Lead with concrete findings, include reproduction steps when possible, and avoid style-only comments unless they hide a real bug.
"""
agents/docs-researcher.toml:
model = "gpt-5.3-codex-spark"
model_reasoning_effort = "medium"
sandbox_mode = "read-only"
developer_instructions = """
Use the docs MCP server to confirm APIs, options, and version-specific behavior.
Return concise answers with links or exact references when available.
Do not make code changes.
"""
[mcp_servers.openaiDeveloperDocs]
url = "https://developers.openai.com/mcp"
This setup works well for prompts like:
Review this branch against main.
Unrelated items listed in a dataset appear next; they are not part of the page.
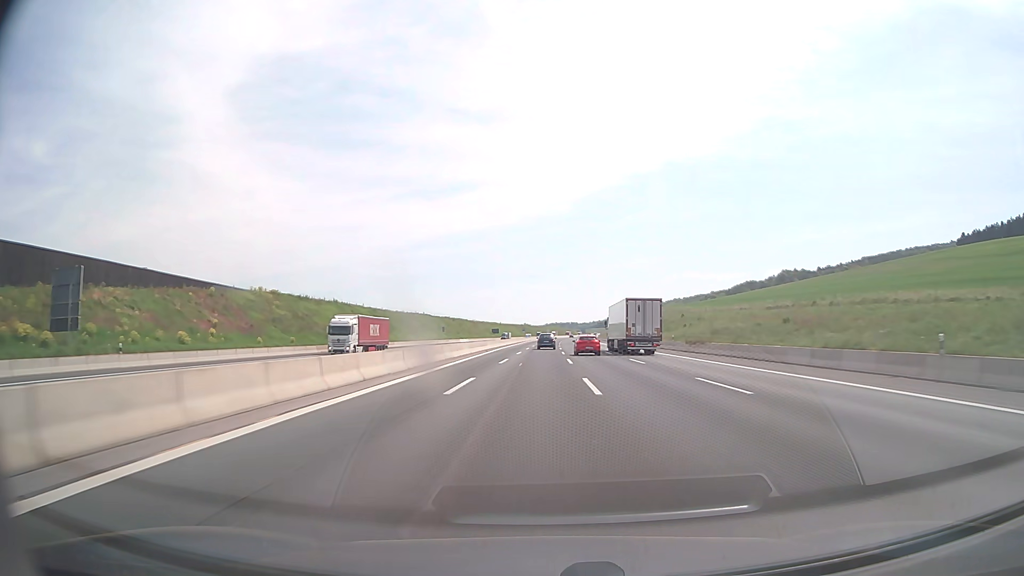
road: motorway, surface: asphalt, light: Day
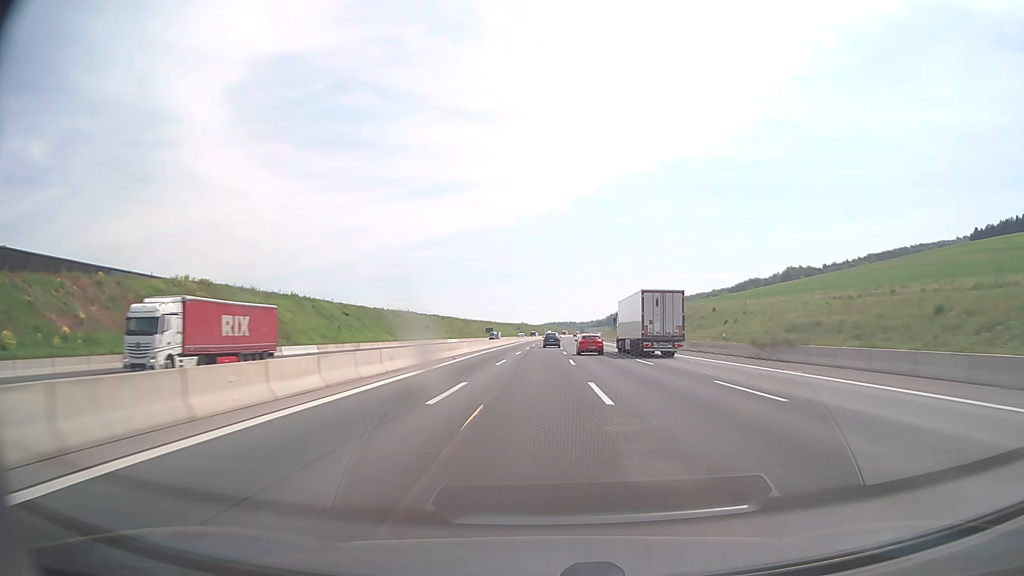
(0.0, +20.4) m; 0°
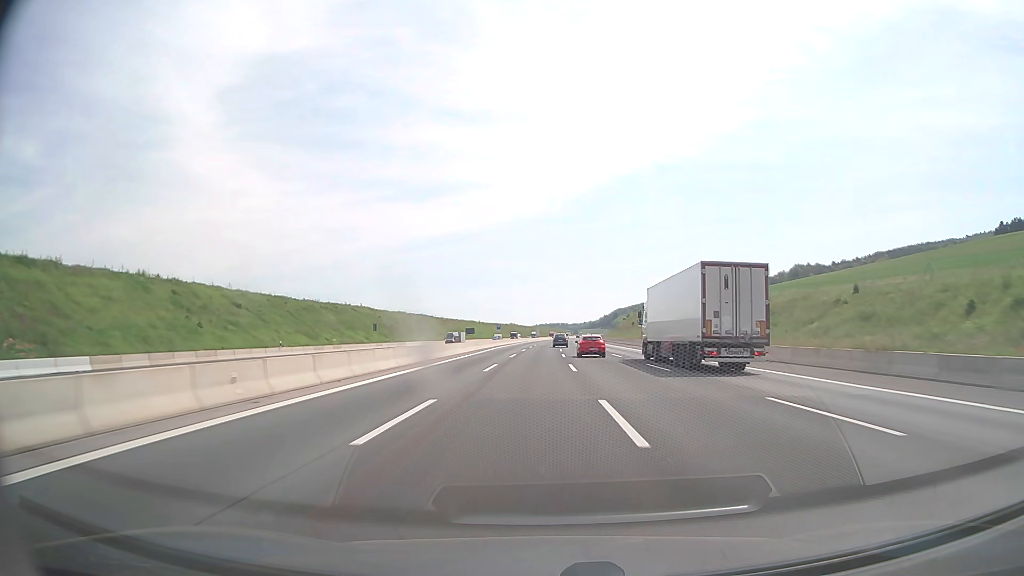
(+0.2, +40.8) m; +1°
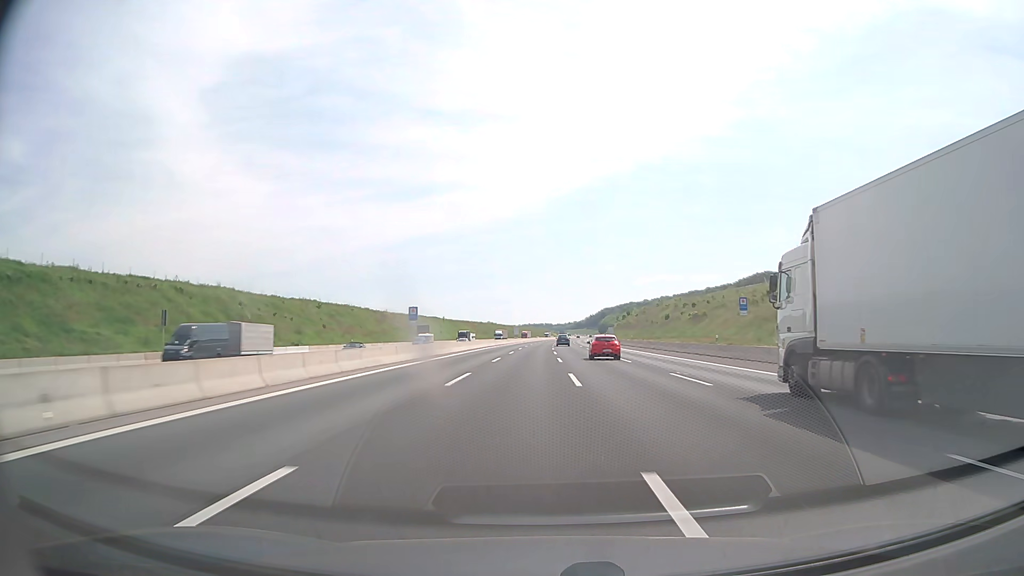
(+0.5, +61.3) m; +1°
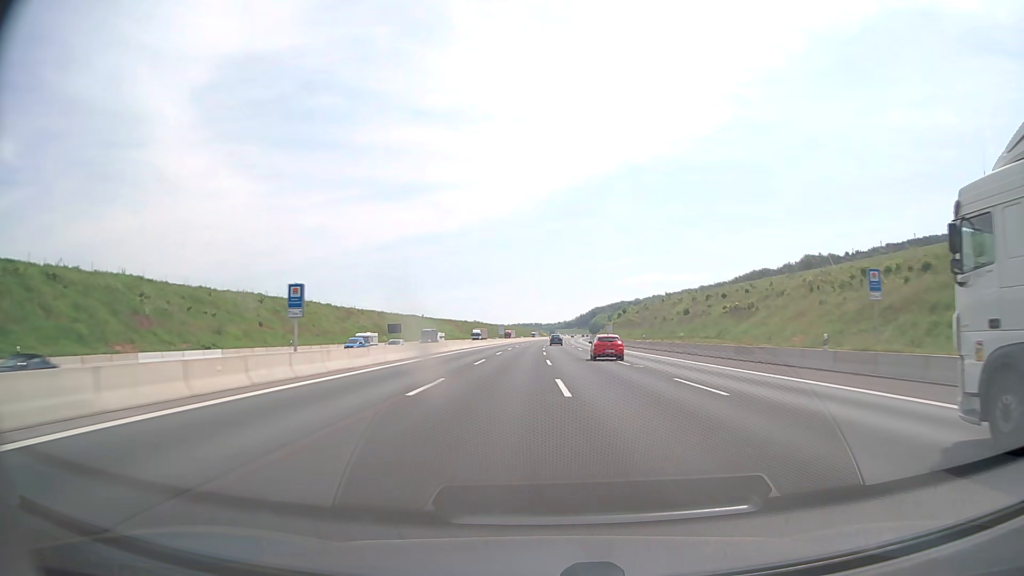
(+0.2, +20.5) m; +1°
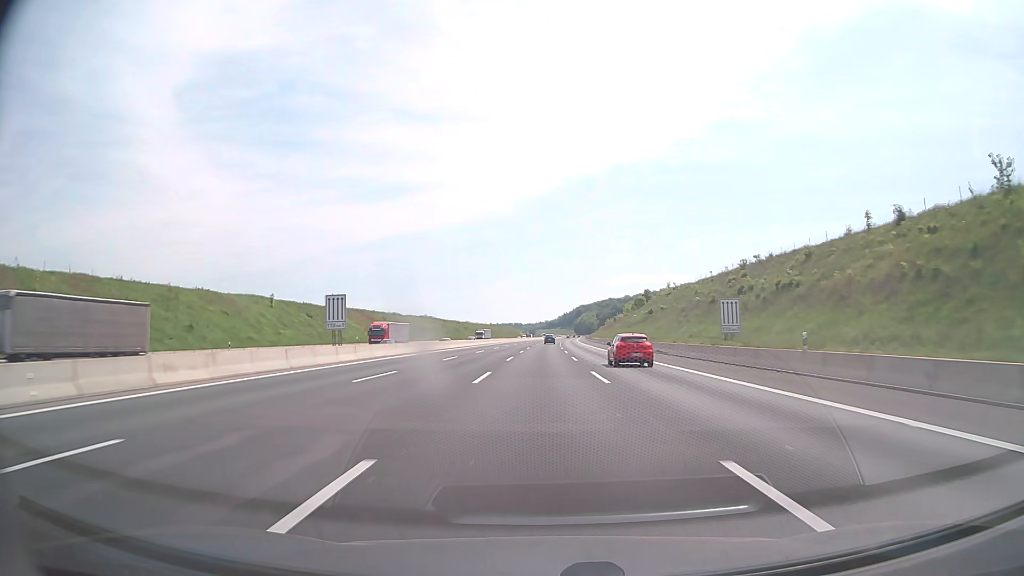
(+2.4, +102.8) m; +2°
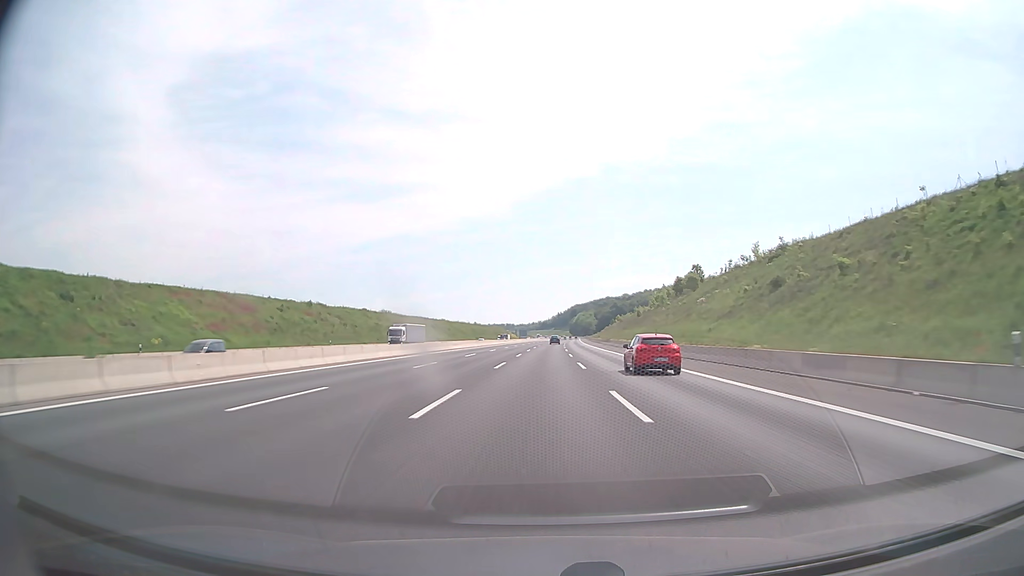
(+0.1, +61.8) m; 0°
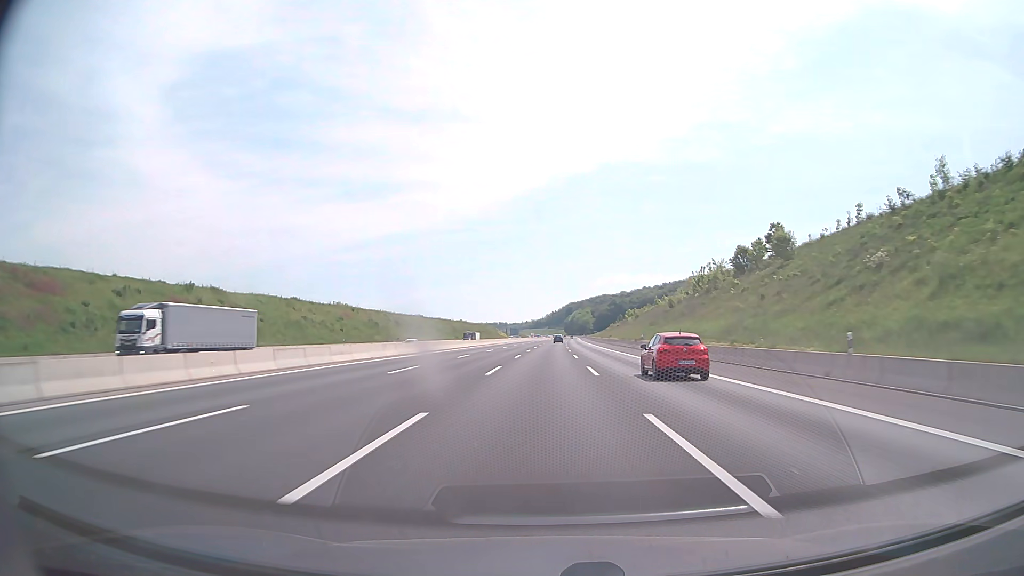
(+0.2, +41.2) m; +1°
(0, +10) (0, +20) (0, +30) (0, +40) (0, +50) (+1, +60) (+1, +70) (+1, +80) (+1, +90) (+2, +100) m

Have explorer map the affected code paths, reviewer find real risks, and docs_researcher verify the framework APIs that the patch relies on.
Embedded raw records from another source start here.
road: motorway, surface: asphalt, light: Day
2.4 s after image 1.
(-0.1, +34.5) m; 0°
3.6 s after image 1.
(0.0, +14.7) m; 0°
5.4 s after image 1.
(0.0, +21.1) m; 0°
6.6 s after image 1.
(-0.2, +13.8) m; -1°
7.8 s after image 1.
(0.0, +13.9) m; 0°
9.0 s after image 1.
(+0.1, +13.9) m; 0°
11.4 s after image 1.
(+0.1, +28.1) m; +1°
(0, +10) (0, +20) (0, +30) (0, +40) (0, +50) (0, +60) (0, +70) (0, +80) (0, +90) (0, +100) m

Example 2: frontend integration debugging team
This pattern is useful for UI regressions, flaky browser flows, or integration bugs that cross application code and the running product.
Project config (.codex/config.toml):
[agents]
max_threads = 6
max_depth = 1
[agents.explorer]
description = "Read-only codebase explorer for locating the relevant frontend and backend code paths."
config_file = "agents/explorer.toml"
[agents.browser_debugger]
description = "UI debugger that uses browser tooling to reproduce issues and capture evidence."
config_file = "agents/browser-debugger.toml"
[agents.worker]
description = "Implementation-focused agent for small, targeted fixes after the issue is understood."
config_file = "agents/worker.toml"
agents/explorer.toml:
model = "gpt-5.3-codex-spark"
model_reasoning_effort = "medium"
sandbox_mode = "read-only"
developer_instructions = """
Map the code that owns the failing UI flow.
Identify entry points, state transitions, and likely files before the worker starts editing.
"""
agents/browser-debugger.toml:
model = "gpt-5.3-codex"
model_reasoning_effort = "high"
sandbox_mode = "workspace-write"
developer_instructions = """
Reproduce the issue in the browser, capture exact steps, and report what the UI actually does.
Use browser tooling for screenshots, console output, and network evidence.
Do not edit application code.
"""
[mcp_servers.chrome_devtools]
url = "http://localhost:3000/mcp"
startup_timeout_sec = 20
agents/worker.toml:
model = "gpt-5.3-codex"
model_reasoning_effort = "medium"
developer_instructions = """
Own the fix once the issue is reproduced.
Make the smallest defensible change, keep unrelated files untouched, and validate only the behavior you changed.
"""
[[skills.config]]
path = "/Users/me/.agents/skills/docs-editor/SKILL.md"
enabled = false
This setup works well for prompts like:
Investigate why the settings modal fails to save. Have browser_debugger reproduce it, explorer trace the responsible code path, and worker implement the smallest fix once the failure mode is clear.